Lex charts showing share of female military personnel on active duty by selected countries and the inflow of women into the UK armed forces, by military branch

The exemplary records of some female service personnel, such as US Army combat hero Sergeant Leigh Ann Hester, have weakened arguments against women soldiers based on traditional gender stereotypes. But a chicken and egg problem remains: when one group is thinly represented, the prevailing culture will not change.

A Nato study on the integration of women into the armed forces found they are trained like men, evaluated on the same basis, pressured to become “one of the guys” and picked on. British women soldiers have complained of bullying and body armour that does not fit.
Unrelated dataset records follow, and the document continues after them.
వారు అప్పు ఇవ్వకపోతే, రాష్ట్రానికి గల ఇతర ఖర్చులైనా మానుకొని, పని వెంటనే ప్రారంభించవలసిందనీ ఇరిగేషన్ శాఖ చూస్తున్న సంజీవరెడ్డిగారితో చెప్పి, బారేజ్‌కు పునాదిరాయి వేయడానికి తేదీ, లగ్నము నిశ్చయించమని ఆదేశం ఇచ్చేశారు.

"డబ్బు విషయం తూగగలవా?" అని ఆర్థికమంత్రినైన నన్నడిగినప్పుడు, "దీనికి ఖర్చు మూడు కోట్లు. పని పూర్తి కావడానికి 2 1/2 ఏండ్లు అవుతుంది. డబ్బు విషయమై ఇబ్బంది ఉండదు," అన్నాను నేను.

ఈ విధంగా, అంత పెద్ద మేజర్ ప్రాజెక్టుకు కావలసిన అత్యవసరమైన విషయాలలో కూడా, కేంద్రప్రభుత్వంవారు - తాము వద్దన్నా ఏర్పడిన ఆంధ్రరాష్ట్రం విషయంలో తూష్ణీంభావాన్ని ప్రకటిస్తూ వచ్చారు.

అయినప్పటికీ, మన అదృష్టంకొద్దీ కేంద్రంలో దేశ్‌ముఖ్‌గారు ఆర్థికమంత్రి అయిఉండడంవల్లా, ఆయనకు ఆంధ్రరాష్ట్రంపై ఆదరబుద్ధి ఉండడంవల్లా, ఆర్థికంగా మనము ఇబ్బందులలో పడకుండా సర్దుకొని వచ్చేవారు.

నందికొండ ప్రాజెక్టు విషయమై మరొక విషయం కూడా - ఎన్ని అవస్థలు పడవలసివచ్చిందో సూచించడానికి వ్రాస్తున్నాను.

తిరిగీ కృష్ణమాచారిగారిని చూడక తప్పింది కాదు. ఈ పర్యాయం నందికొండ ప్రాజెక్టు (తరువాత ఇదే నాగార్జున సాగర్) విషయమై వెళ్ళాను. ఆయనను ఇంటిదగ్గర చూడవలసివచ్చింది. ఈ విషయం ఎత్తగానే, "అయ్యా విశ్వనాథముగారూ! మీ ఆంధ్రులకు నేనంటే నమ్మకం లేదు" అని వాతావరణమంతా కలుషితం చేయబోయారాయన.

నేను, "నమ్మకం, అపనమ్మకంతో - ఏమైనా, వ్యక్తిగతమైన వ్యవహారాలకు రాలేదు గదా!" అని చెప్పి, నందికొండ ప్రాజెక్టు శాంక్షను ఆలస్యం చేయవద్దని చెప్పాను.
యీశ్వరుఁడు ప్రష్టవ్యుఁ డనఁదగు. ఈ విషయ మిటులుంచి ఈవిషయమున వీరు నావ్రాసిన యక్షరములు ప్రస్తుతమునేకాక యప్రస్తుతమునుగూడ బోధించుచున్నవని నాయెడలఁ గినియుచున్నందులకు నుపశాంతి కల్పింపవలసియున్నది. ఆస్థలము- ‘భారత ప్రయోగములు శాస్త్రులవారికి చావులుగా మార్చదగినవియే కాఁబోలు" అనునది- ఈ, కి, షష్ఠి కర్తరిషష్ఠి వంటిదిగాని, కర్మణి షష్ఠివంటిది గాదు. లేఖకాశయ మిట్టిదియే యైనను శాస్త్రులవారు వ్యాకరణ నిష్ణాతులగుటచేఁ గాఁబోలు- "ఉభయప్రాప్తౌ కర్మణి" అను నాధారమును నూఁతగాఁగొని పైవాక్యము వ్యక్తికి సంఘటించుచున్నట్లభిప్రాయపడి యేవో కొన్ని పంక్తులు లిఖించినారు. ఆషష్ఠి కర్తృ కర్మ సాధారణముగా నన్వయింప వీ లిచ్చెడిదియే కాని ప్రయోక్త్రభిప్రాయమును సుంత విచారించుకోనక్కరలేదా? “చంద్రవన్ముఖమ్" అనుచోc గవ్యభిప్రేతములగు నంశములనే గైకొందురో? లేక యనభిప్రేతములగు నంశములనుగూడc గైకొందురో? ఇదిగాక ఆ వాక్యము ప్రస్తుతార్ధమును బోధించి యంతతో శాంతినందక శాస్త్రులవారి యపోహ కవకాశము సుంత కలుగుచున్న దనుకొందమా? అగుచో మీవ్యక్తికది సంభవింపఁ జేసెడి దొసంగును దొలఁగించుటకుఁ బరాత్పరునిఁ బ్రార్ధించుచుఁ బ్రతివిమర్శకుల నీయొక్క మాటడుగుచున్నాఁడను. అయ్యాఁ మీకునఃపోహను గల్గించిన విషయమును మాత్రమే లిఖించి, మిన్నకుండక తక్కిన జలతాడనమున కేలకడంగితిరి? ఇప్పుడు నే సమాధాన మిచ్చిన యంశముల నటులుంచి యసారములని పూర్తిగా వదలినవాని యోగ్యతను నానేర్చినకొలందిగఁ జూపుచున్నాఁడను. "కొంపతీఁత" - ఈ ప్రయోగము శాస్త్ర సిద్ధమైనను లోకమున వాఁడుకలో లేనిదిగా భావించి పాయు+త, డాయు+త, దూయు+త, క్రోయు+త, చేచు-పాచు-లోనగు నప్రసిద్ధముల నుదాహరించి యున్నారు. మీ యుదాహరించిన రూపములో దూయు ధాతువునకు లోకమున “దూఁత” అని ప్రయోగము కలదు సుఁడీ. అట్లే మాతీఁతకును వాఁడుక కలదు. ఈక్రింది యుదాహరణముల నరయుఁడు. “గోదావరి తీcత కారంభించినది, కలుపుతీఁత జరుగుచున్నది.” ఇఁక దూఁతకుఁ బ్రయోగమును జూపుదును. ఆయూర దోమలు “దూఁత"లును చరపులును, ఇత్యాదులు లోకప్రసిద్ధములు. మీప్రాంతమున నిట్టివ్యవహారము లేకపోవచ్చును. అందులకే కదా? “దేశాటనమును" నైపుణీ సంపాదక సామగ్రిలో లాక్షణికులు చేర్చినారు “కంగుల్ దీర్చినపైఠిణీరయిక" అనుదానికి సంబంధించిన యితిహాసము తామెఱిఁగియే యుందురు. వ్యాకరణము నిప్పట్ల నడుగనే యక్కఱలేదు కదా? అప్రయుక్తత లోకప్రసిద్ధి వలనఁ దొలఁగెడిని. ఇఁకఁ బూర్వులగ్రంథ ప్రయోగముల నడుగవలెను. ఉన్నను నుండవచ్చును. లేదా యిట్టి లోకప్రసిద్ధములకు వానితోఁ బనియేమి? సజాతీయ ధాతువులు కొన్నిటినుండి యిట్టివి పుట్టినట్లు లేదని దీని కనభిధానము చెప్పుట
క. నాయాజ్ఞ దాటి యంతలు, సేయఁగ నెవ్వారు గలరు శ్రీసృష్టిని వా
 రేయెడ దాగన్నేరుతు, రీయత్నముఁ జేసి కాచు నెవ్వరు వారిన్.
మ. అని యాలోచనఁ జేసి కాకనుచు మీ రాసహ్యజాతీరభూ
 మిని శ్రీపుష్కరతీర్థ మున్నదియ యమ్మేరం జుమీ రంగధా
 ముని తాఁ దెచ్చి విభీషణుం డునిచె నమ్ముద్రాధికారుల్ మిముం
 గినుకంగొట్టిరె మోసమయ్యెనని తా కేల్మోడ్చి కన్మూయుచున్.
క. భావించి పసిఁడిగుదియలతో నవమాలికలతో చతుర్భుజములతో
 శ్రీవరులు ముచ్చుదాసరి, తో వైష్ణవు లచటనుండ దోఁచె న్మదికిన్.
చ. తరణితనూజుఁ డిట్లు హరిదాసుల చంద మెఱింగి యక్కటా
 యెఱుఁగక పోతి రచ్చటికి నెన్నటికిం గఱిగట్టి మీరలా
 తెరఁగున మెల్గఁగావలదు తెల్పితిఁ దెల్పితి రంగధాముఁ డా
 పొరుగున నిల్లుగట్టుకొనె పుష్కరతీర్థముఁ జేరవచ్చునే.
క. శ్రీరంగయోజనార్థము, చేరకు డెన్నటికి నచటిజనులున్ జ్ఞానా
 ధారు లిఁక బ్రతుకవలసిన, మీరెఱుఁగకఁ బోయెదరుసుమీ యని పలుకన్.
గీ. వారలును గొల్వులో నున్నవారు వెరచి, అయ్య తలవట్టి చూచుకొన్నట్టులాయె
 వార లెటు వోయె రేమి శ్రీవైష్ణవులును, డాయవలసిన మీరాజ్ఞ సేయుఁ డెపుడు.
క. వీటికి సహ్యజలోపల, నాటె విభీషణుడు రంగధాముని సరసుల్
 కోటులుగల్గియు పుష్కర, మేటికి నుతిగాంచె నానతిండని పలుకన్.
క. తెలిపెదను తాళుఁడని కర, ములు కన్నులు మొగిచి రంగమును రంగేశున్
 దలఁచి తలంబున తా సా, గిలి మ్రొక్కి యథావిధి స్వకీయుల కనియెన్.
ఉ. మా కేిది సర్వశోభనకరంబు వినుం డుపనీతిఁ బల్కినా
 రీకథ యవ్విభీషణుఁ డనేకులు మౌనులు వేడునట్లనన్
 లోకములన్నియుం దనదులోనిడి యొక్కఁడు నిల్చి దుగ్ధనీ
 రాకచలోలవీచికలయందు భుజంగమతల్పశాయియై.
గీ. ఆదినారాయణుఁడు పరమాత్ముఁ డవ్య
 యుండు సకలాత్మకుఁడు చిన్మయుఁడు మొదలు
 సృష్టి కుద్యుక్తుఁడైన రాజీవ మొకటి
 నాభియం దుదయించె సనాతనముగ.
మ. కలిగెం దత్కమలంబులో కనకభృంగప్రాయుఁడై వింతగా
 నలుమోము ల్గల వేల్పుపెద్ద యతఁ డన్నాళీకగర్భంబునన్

There is also a pay gap, albeit much smaller in the UK armed forces than in the broader workforce. The median is 2.3 per cent. The US Army claims it has no pay gap because male and female ranks are equally remunerated. This ignores a higher promotion rate for men.

There is a good ethical and pragmatic case for female participation in the military. Equal opportunities should not end at the barracks gate. Armed services should reflect the values of the society they represent. All-male occupying forces have a deservedly dreadful reputation. The presence of female personnel can provide modest reassurance to anxious locals.

The task of military recruiters is already hard enough. Challenges include recessionary pressure on defence budgets, a trend for more young people to attend university and declining public fitness levels. Armies, like companies, need access to all the talent they can muster. That means employing more women.